- _TASK OBJECTIVE_
An exact copy of all the lines below is required, with every image left out.

- _DATASET EXTRACT_
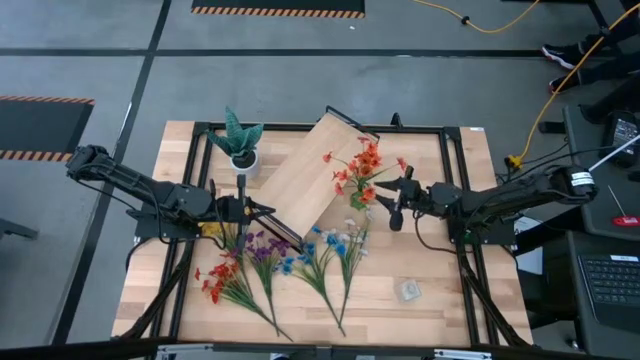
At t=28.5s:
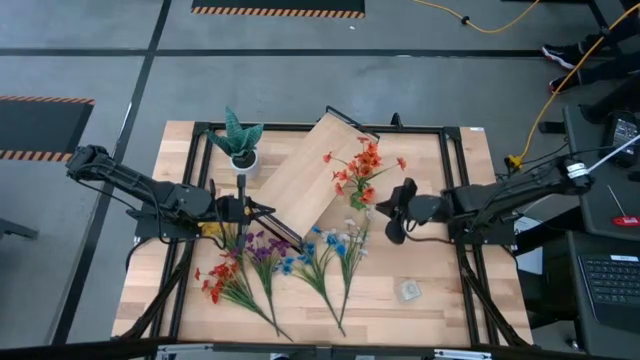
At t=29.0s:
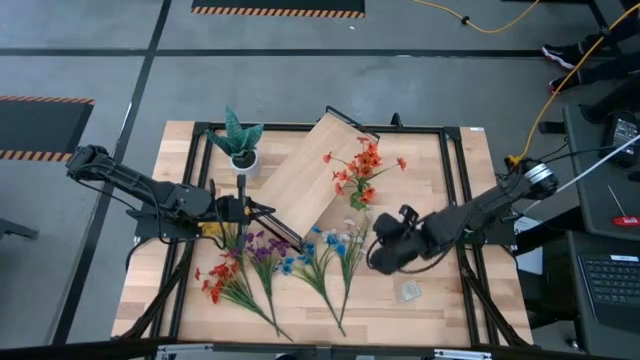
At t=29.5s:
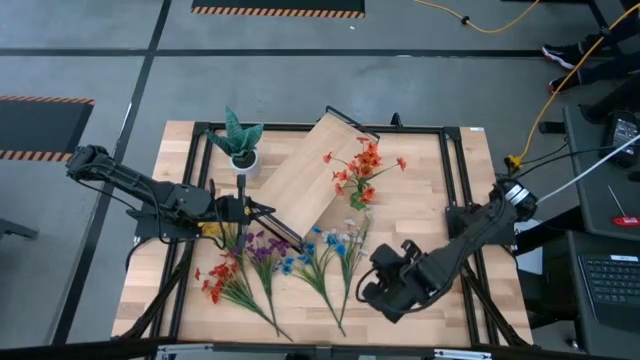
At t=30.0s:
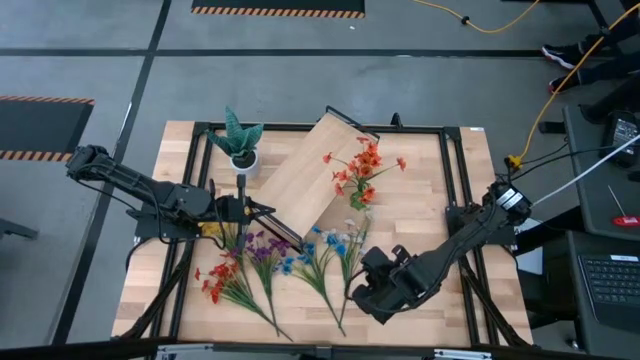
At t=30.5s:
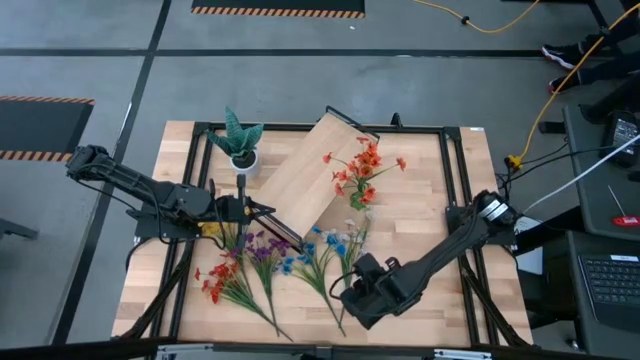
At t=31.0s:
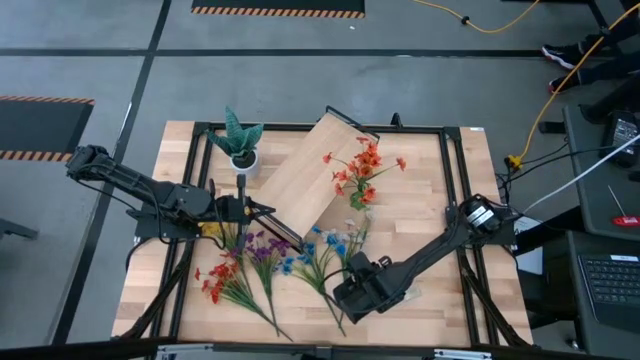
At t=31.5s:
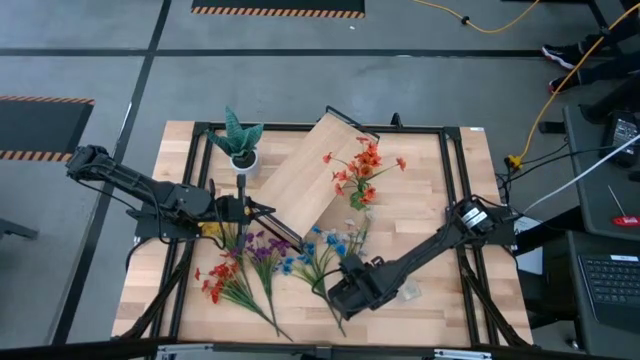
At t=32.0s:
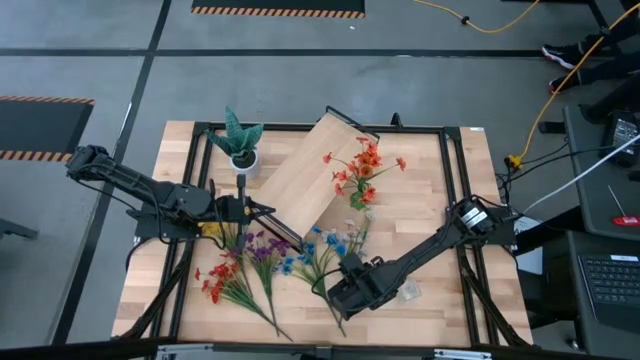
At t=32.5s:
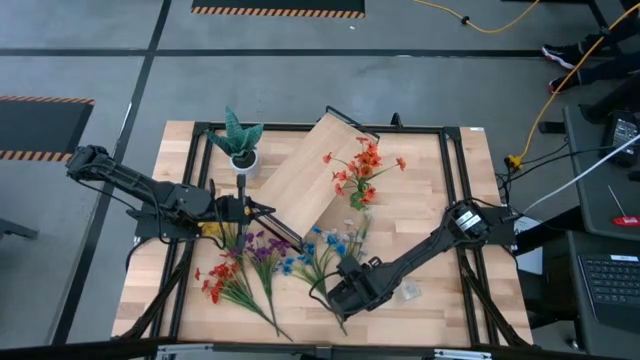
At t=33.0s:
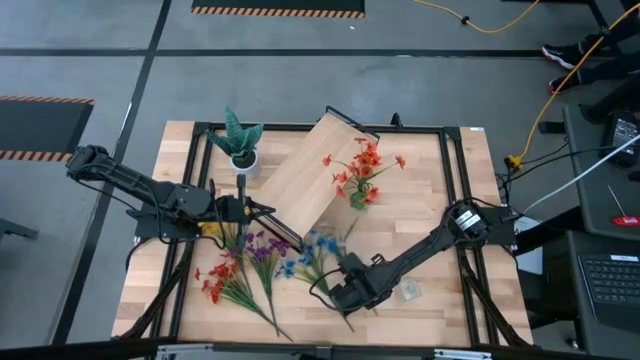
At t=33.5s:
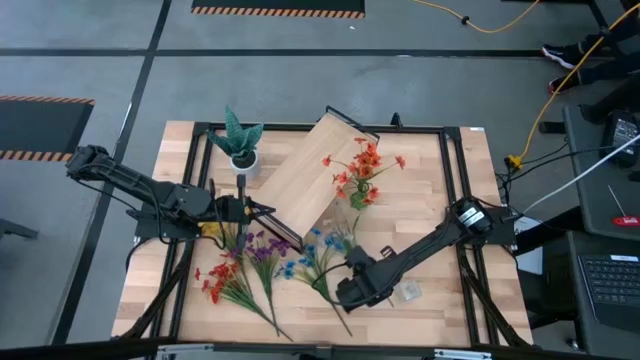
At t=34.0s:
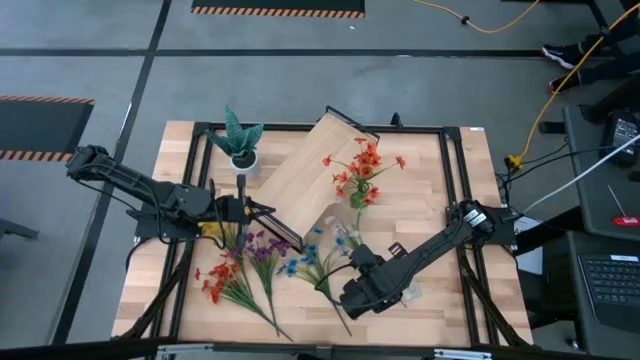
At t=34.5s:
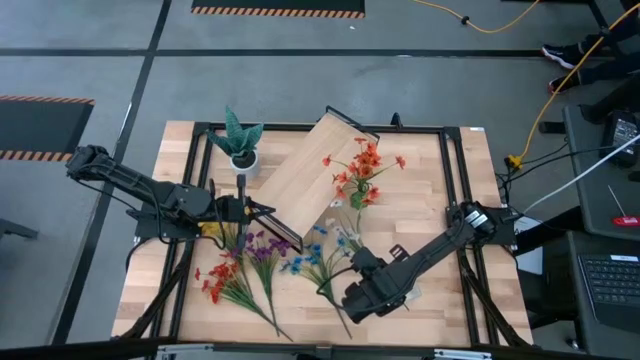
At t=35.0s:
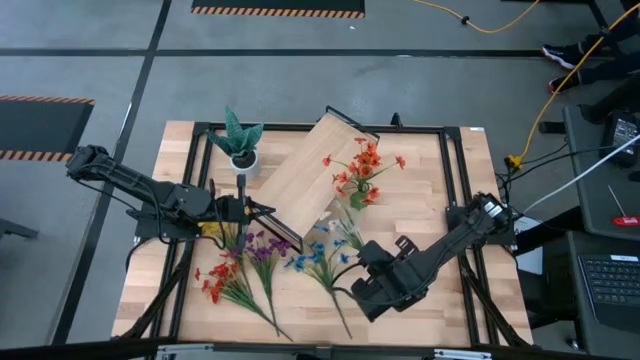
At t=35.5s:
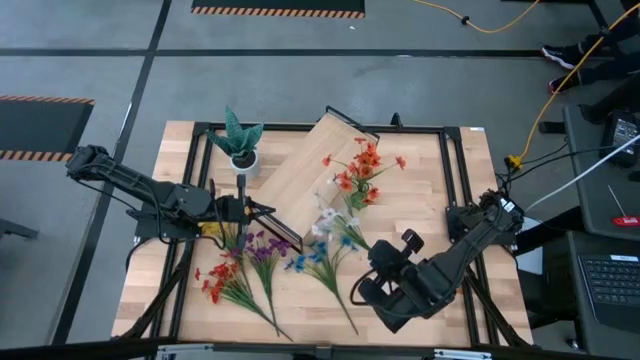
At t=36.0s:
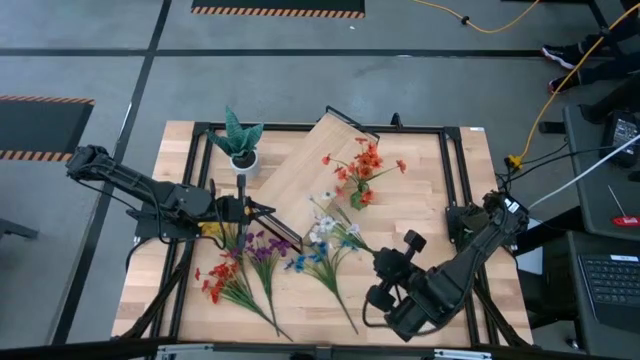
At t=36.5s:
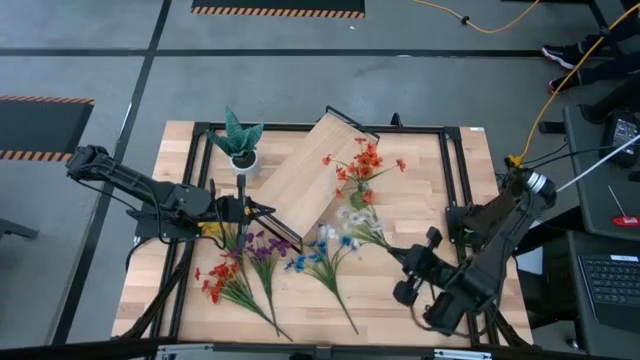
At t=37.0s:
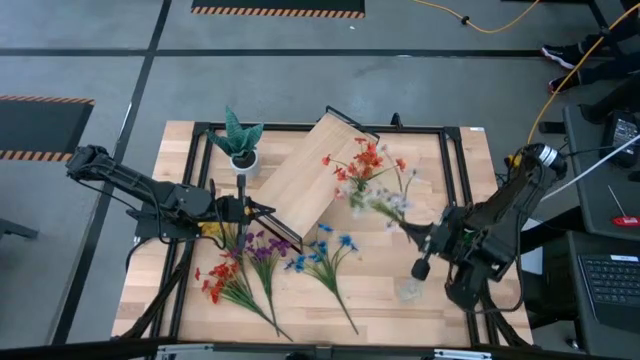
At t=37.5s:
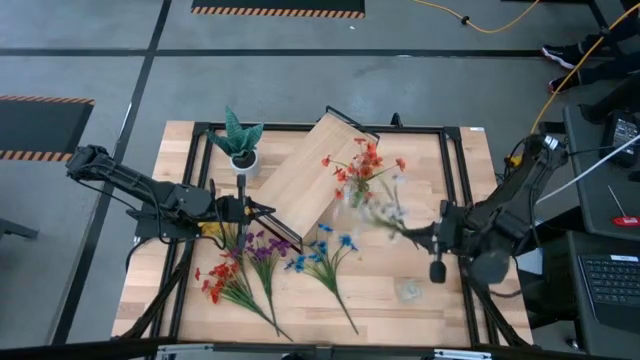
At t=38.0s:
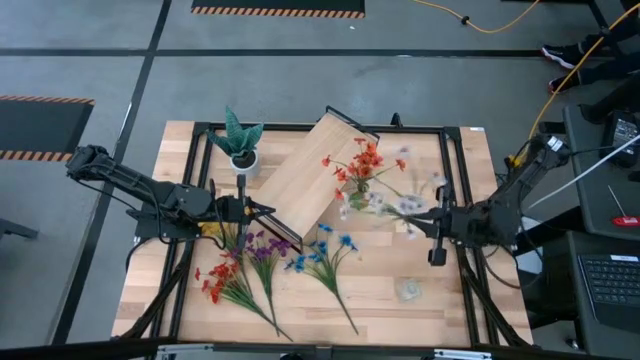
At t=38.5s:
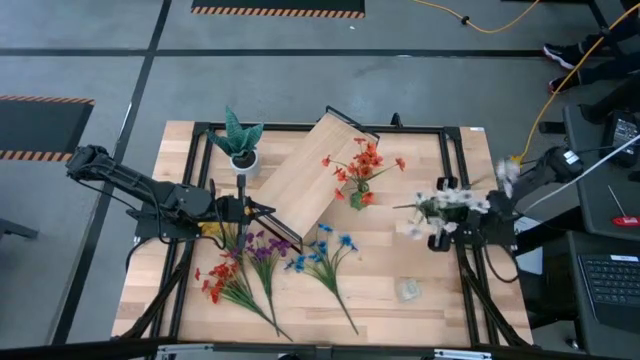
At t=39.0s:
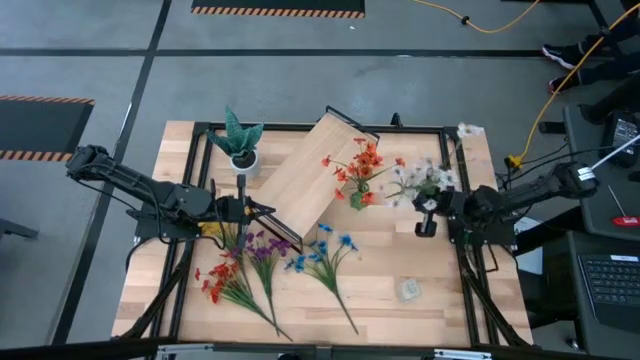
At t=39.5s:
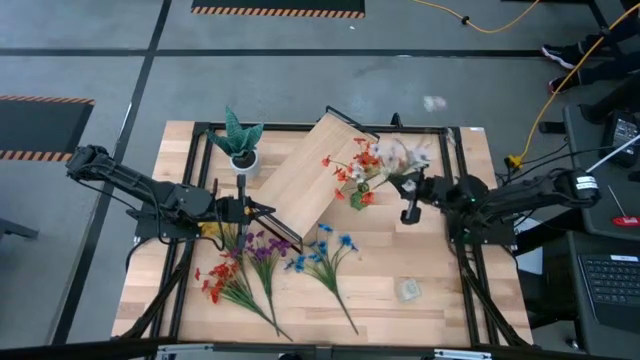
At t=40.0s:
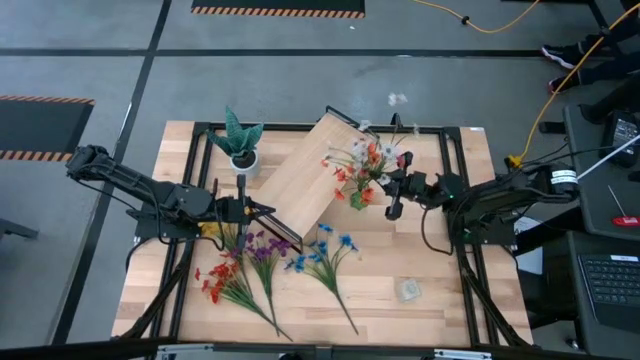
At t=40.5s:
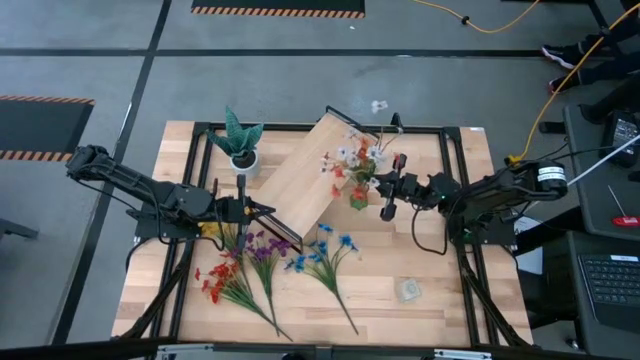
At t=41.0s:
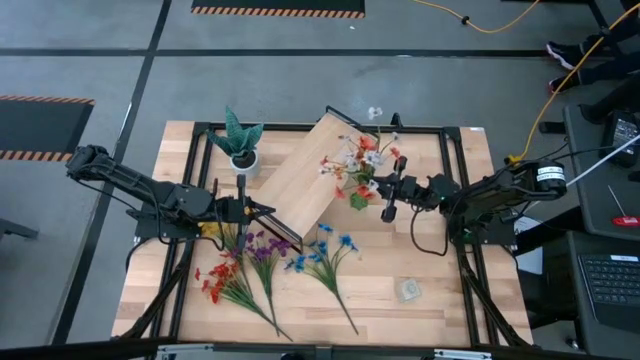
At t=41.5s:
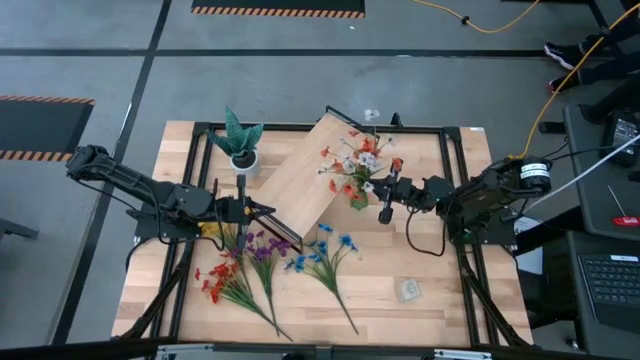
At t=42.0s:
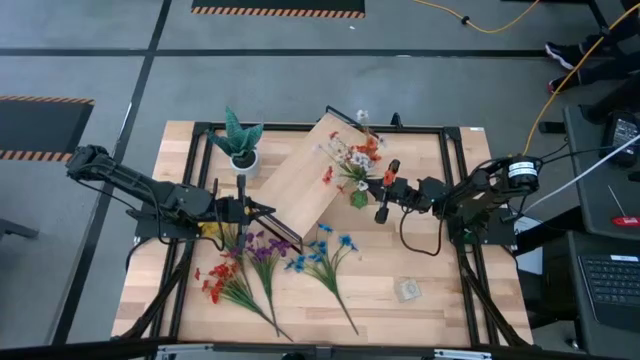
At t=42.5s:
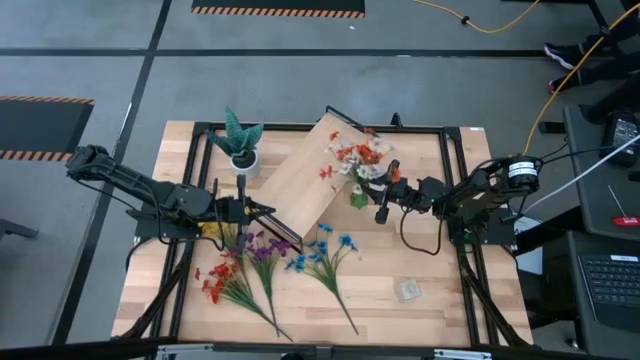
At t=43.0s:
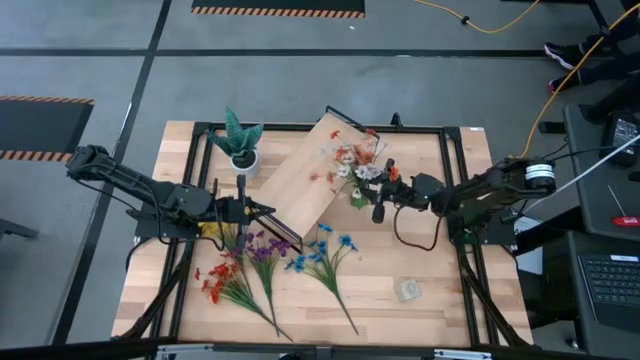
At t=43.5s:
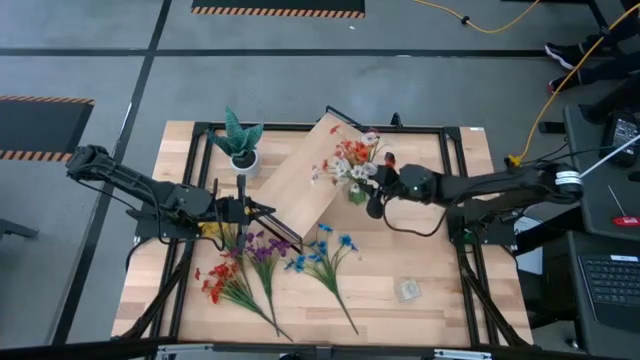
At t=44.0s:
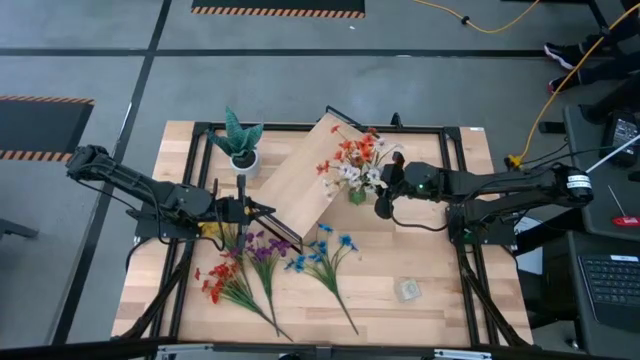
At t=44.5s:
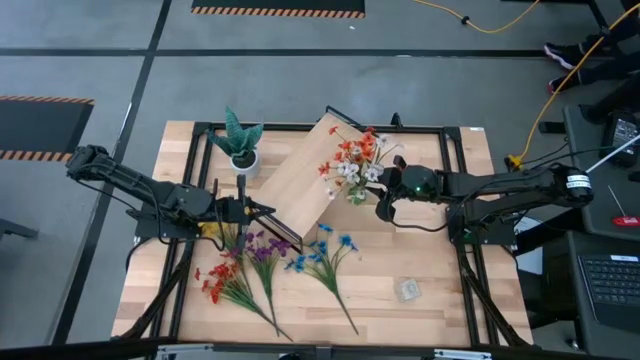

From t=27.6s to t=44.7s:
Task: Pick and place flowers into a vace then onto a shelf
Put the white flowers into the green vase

- _REPLY_
At t=28.5s:
At t=29.0s:
At t=29.5s:
At t=30.0s:
At t=30.5s:
At t=31.0s:
At t=31.5s:
At t=32.0s:
At t=32.5s:
At t=33.0s:
At t=33.5s:
At t=34.0s:
At t=34.5s:
At t=35.0s:
At t=35.5s:
At t=36.0s:
At t=36.5s:
At t=37.0s:
At t=37.5s:
At t=38.0s:
At t=38.5s:
At t=39.0s:
At t=39.5s:
At t=40.0s:
At t=40.5s:
At t=41.0s:
At t=41.5s:
At t=42.0s:
At t=42.5s:
At t=43.0s:
At t=43.5s:
At t=44.0s:
At t=44.5s:

From t=27.6s to t=44.7s:
Task: Pick and place flowers into a vace then onto a shelf
Put the white flowers into the green vase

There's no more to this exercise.